Jobst arqueó las cejas, ofendido, y mandó al cochero, que iba entre los dos caballos, que detuviese a los animales.

—Si tanto anheláis un poco de movimiento, entonces bajad. Haremos a pie el camino hasta la costa.

Saltó por el borde del coche y aterrizó en el suelo, insinuando una reverencia. Luego le tendió la mano a Marie, que había sido la primera en ponerse de pie. Ella se colocó la manta sobre los hombros, tomó su hatillo y dejó que él la ayudara a descender. Hiltrud la siguió de inmediato. Apenas hubo recuperado el equilibrio, apoyó la mano sobre el hombro de Marie y la llevó un poco aparte para poder hablar con ella. Aquel roce aumentó aún más la sensación de escozor en la espalda de Marie, que comenzó a rascarse con fuerza.

—¿Qué tienes? ¿No te habrás cogido alguna enfermedad, no? —preguntó Hiltrud, preocupada.

Marie movió un poco los hombros para tratar de relajarse un poco.

—Me pica como si las cicatrices de la espalda aún fuesen recientes.

—No deberíamos haber venido aquí—. Hiltrud había bajado el tono de voz, como para que las mujeres que estaban detrás de ellas no pudiesen entender lo que decía.

Marie negó con la cabeza.

—No, fue la decisión correcta.
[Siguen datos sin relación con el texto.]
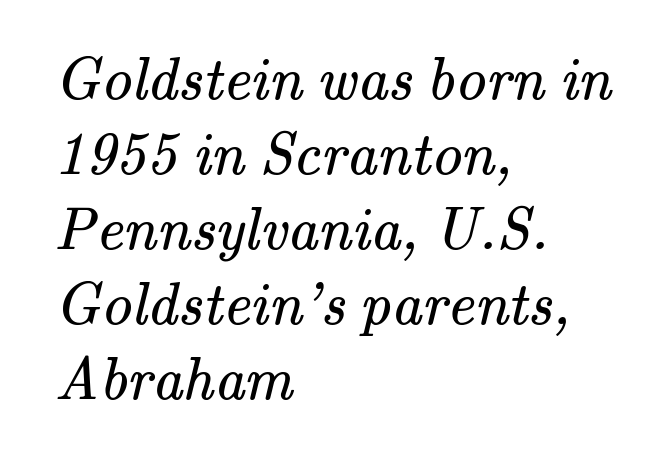
The specimen omits any rule beneath the text block's lines. Vertically, the passage feels balanced, rows spaced as you'd expect. The rendering keeps characters at their native spacing. Each letter's strokes conclude with small projecting serifs. Is the stroke heavy? The answer is a plain regular-or-lighter.

Debo enfrentarme con mi pasado de una vez por todas.

La mano derecha de Hiltrud gesticuló en el aire.

—Olvida lo que pasó. Intenta ganar la mayor cantidad de dinero posible en Constanza y piensa si con ese dinero y los ahorros que llevas en tu monedero puedes comenzar una nueva vida en otra parte.

—Querrás decir: podemos comenzar una nueva vida. No me opongo. Pero ninguna ciudad le otorgaría el derecho de burguesía a dos mujeres de dudoso origen, a menos que tuviésemos dinero suficiente como para comprarnos como esposos a los hijos del alcalde.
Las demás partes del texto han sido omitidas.